That's the meat and potatoes with the chaffe cut out.

I think it would be more clear if it had been worded as:

#1 The Second Amendment protects an individual right to possess a
firearm for traditionally lawful purposes.


#2 The Second Amendment protection is unconnected with service in a militia.


However, these guys are not writing for the average layman who need stuff taken apart. That's also the argument I used to defend the proper reading of the second when someone tries to argue 'why did they even bother to meniton the militia'. I say 'these guys weren't writing for 3rd graders! It is clear enough if you study it!
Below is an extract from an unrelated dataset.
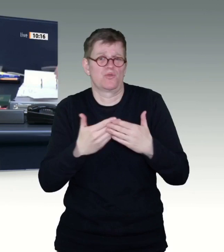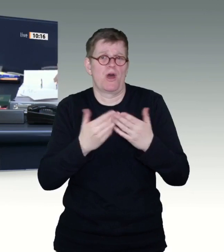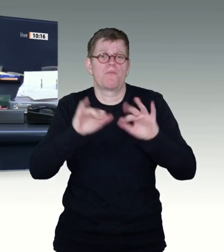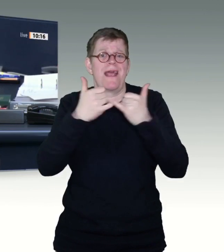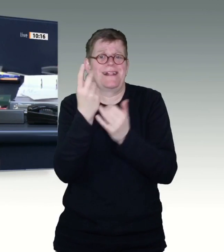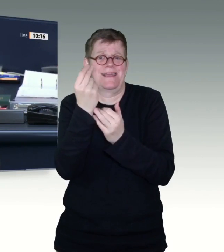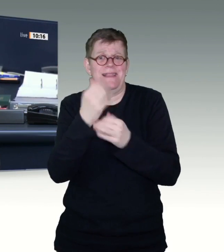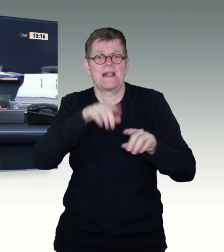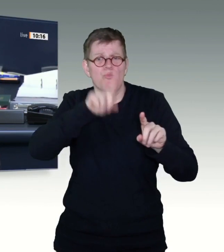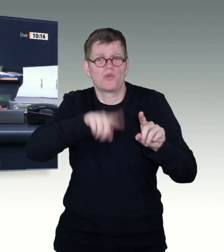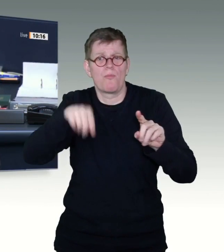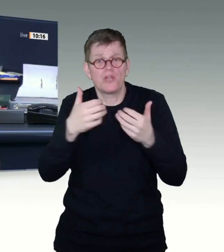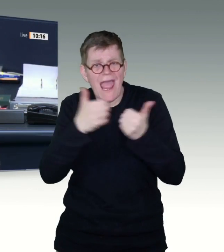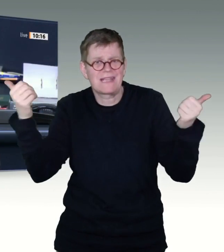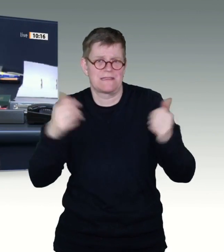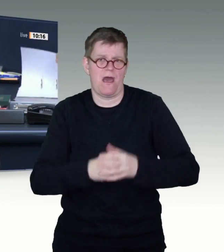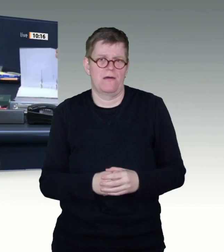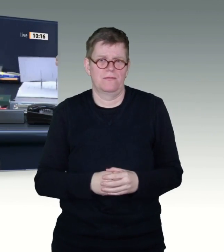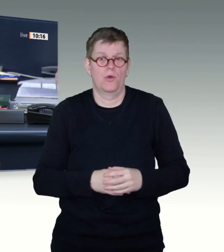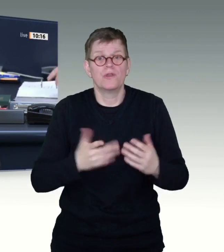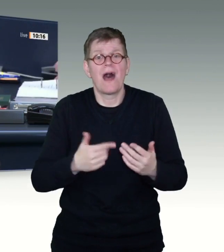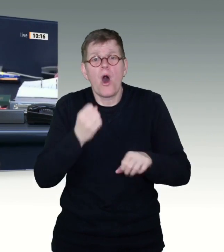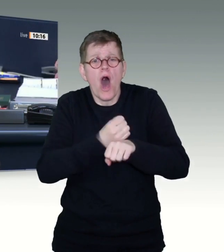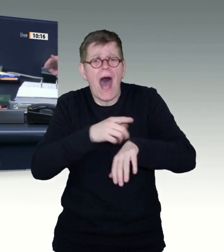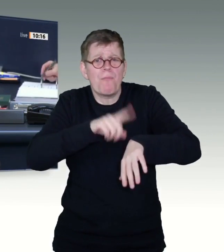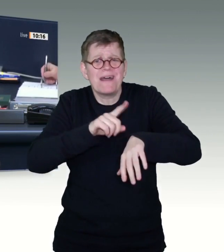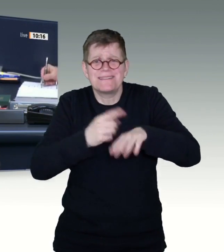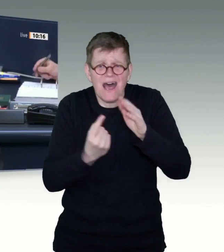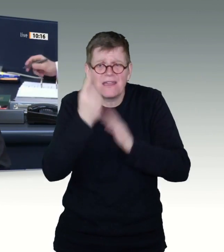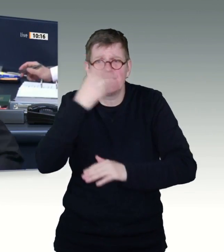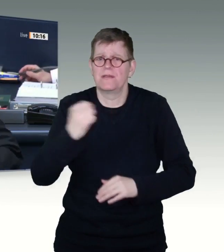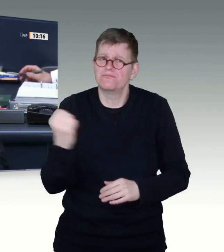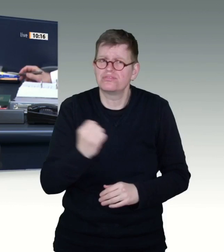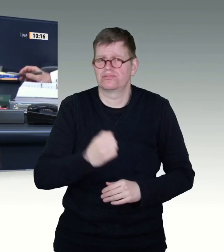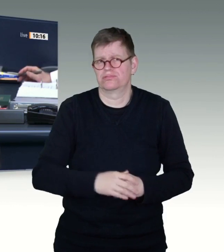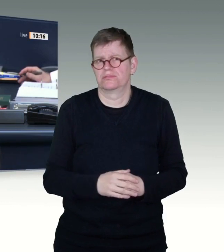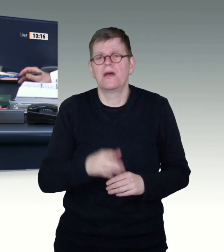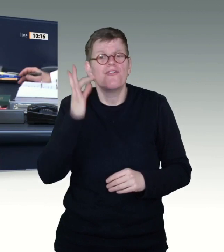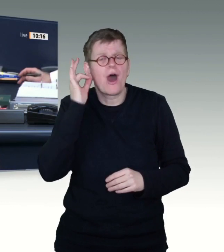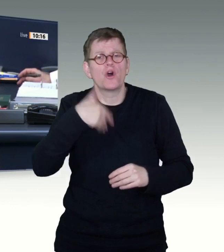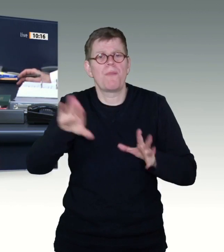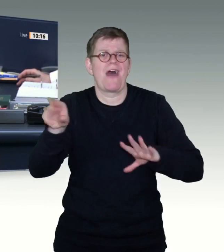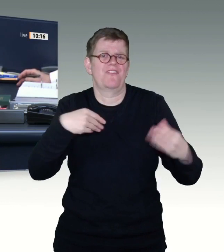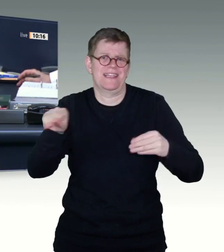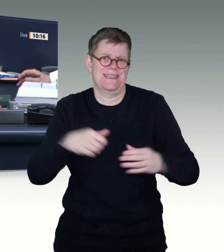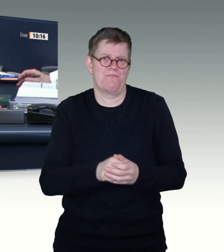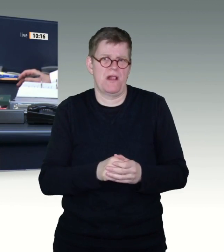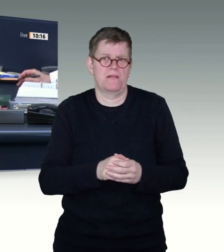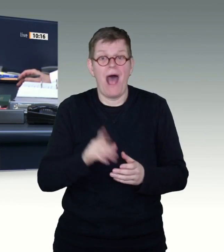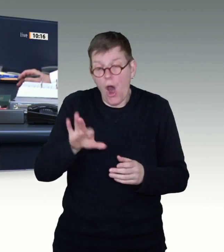Und rufe auf den Tagesordnungspunkt 25. Das ist die Beratung des Antrags der Fraktion der

They want to pack in as much info as possible, if the clutter is confusing to you, TOUGH!'
 
If you have ever posted on here and had someone either take your comments the wrong way or misinterpret them you can begin to understand the dificulties the writers of the constitution had in making clear language that was not ambigous. A lawyer can make the simplest statement seem totally bizarre. For example Bill Clintons famous line of "That depends on what your definition of IS is." It is virtually impossible to write a sentence and not have it misinterpreted or over interpreted by someone.
 
You can face criminal charges for negligence for firearm related incidences. Per federal law you are exempt from those types of charges if you use a firearm safe. Why not leave it at that? No other laws requiring safe storage are going to do any good. It isn't like LEO/Fed's/etc can randomly inspect your household to make sure you are complying with these laws. Every law that is passed has a cost on the progression of society.

Besides, I believe the majority of these laws are to prevent children ages 0-16 from shooting themselves and the fact is more children die from choking.